Most IT problems get misdiagnosed before they get solved.
Before you replace it, rewrite it, or restructure around it, let’s find out what is actually wrong. Here is what that looks like in practice.

six problems. six organizations. six wrong diagnoses.
The Devil (6-6-6) was in the details
Each of these was already being solved – expensively, invasively, or incorrectly – before the actual problem was identified. These are the cases that define how I work.
financial technology
A mission-critical proxy had failed three times in six months. A full replacement project was underway. The system had never failed.
The actual problem was a connection pool configuration set twenty years ago and never updated. Two days to diagnose. An afternoon to fix. The replacement project was cancelled.
Major CanadiaN Bank
A team had grown from one application to seven. A Big Four firm diagnosed an organizational problem. The problem was architectural.
A foundational domain modelling mistake had been compounding for years, creating linear cost growth with every new product. One application could replace seven. Same team. Lower cost.
Global Investment Bank
A compliance process had been silently failing for five years at the rate of 10%. 80,000 regulatory documents were missing. Nobody knew.
Discovered during unstructured time. Diagnosed independently. Fixed in production during business hours without disruption. The kind of gap that triggers eight-figure regulatory fines.
another CanadiaN Bank
An ETL system supporting five data streams was maintained by 15-20 people. It processed fewer than 7,000 records on a typical day.
The infrastructure was disproportionate to the problem by an order of magnitude. A re-architecture improved throughput tenfold and identified a path to a hundredfold improvement.
SaaS Provider
A food takeout software provider needed to migrate 10M records from the client to its own DB. They had a tool that would take 10 months to finish.
But they needed to do this repeatedly for testing. So I developed a tool, a set of scripts, that accomplished this very task-repeated full migrations-in 3-4 days every time.
Life insurance company
Management wanted to eliminate manual work when the manual work was the only thing preventing costly trading errors.
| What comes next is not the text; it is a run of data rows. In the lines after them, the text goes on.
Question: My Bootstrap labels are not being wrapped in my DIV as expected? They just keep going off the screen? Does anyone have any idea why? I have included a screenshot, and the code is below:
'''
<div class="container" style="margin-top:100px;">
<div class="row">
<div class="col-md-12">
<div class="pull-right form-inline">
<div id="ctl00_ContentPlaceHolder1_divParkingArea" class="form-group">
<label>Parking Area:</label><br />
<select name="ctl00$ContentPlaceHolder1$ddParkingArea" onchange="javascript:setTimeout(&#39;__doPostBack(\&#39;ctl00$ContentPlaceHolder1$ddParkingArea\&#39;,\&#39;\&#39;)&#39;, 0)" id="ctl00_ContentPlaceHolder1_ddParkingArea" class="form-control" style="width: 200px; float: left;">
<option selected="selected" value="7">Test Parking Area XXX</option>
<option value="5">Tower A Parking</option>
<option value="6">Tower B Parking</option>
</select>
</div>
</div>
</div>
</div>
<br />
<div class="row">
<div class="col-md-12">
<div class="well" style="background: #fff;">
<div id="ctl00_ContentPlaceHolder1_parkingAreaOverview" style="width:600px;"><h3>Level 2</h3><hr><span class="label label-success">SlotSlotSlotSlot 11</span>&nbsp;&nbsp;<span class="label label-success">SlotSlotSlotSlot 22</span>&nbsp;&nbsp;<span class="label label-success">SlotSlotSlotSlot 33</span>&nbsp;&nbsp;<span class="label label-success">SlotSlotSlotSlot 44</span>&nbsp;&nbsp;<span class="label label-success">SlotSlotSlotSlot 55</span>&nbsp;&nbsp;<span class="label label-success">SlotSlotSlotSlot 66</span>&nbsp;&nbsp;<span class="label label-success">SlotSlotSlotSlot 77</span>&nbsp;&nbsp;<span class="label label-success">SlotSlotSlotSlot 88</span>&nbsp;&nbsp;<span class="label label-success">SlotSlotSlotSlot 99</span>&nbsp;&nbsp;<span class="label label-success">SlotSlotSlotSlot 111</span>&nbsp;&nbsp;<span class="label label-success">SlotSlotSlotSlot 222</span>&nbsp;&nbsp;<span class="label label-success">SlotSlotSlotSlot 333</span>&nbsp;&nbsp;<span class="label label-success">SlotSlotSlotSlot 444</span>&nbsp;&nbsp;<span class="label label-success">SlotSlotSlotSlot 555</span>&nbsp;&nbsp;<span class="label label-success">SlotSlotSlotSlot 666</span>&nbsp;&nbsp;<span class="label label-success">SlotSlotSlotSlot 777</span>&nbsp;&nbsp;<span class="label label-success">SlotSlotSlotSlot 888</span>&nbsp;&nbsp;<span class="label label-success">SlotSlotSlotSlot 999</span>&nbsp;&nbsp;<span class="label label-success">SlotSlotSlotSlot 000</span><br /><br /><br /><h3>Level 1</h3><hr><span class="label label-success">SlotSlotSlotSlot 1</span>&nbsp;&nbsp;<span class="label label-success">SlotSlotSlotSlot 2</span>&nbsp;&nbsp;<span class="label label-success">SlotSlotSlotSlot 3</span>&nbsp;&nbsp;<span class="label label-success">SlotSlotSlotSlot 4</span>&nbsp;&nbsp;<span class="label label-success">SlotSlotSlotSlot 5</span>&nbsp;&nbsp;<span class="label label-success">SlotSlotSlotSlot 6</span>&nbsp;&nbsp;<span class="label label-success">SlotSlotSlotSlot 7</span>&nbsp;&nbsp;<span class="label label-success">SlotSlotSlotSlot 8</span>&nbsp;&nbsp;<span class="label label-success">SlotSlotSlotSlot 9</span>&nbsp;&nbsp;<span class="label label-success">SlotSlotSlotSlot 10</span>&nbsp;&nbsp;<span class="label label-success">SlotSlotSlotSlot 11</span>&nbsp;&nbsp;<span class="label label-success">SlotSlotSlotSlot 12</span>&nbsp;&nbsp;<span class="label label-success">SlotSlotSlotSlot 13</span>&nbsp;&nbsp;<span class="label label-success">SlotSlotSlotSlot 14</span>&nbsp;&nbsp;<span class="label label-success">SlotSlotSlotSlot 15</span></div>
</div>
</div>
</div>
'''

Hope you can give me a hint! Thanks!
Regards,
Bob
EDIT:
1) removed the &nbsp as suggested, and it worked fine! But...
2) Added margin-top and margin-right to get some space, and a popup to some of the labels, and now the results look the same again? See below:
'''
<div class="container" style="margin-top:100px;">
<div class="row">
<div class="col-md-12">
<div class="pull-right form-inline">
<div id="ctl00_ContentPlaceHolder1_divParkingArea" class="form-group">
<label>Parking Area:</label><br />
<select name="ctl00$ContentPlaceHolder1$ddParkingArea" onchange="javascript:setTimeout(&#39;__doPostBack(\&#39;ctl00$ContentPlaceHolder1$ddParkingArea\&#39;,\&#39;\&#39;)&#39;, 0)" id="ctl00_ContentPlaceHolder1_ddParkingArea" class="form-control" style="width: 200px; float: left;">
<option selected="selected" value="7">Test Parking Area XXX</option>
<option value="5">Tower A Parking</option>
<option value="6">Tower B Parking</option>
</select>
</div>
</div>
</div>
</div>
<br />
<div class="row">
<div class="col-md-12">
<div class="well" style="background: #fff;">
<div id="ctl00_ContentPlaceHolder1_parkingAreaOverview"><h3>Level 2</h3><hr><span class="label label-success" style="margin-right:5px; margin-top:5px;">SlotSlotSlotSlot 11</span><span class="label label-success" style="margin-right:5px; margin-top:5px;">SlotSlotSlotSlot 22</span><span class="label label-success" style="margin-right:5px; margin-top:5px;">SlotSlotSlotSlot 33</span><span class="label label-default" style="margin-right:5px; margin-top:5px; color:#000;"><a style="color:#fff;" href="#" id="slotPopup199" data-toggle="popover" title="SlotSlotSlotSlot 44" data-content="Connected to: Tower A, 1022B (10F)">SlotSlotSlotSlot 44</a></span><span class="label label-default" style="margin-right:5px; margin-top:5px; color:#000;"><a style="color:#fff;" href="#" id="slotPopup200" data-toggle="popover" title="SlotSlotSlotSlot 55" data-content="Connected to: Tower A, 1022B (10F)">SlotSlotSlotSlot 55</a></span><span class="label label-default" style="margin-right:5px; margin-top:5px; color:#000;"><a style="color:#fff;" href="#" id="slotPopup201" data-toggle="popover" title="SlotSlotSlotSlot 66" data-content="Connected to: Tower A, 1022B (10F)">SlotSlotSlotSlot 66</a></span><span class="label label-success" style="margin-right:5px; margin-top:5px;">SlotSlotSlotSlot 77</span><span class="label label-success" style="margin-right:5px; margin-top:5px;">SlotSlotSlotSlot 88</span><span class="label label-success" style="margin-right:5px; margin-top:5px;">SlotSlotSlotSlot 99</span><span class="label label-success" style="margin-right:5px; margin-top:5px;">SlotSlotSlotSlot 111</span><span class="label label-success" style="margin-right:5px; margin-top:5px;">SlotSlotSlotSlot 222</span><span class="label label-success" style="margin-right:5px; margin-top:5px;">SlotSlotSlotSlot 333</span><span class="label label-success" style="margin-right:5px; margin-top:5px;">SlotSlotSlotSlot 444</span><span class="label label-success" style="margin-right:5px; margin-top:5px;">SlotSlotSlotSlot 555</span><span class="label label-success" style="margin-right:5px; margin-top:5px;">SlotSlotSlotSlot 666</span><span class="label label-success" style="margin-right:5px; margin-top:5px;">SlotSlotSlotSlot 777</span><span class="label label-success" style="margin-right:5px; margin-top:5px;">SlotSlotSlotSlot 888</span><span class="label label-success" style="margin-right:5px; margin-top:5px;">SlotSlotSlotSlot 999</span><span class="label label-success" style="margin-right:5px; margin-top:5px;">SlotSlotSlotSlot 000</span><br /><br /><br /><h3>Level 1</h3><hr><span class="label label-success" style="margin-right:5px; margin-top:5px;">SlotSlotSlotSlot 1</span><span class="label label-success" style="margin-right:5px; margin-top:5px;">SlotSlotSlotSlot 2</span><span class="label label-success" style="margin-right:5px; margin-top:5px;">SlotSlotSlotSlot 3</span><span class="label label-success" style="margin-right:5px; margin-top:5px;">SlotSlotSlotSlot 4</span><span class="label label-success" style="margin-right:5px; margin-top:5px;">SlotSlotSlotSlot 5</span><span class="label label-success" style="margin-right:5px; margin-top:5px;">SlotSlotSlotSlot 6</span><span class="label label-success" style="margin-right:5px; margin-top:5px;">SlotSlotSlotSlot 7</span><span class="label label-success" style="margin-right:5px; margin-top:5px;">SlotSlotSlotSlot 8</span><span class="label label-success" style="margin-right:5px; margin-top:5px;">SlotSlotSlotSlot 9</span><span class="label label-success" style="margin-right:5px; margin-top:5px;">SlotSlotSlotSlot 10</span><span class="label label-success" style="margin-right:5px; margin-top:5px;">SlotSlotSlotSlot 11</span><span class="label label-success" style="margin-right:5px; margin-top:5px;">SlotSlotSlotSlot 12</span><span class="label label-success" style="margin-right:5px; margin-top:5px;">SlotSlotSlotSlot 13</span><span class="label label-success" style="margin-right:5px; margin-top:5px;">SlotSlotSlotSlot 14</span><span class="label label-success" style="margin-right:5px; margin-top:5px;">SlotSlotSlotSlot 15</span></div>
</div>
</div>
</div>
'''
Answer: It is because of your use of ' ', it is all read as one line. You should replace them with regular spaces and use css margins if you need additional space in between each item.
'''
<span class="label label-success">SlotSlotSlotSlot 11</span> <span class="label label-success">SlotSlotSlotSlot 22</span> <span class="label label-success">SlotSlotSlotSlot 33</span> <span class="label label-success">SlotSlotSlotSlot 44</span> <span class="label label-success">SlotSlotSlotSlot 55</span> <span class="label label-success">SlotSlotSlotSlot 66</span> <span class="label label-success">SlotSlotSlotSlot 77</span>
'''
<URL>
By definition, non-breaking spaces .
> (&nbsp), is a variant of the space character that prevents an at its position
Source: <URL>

Management had been misreading this as inefficiency for years. The renovation objective needed to change entirely. One question to the operations manager confirmed everything.
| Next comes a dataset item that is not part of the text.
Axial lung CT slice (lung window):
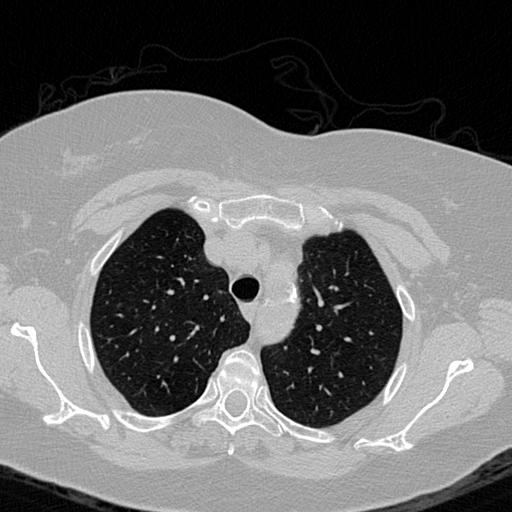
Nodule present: no

Three stories about trust, character & Integrity
Competence is necessary, but without trust and character, it’s meaningless
TRUST is a must
In 2007, months before the financial crisis, a botched system upgrade at a Wall Street firm created 10 million duplicate equity records across hundreds of dependent systems simultaneously. The fix had to happen immediately, during trading hours, with no safety net and no parallel environment. Nobody volunteered. I did.
character is the key
At a Canadian life insurance company, I was the enterprise architect on a segregated fund renovation project with a fatally flawed foundation — a vendor who did not understand the core custom functionality, requirements inverted from thirty percent new to seventy percent, timeline estimates that were not just optimistic but pure fiction.
integrity is personal
At a global bank’s Capital Research, I inherited a system that five thousand people relied on, with little support after the entire New Jersey development team left. No documentation was available, and no statistics had been compiled. I investigated and discovered an 8-9% daily failure rate. I reengineered the system over the next 2 years, and the failure rate dropped to 0.1%, but I wasn’t happy.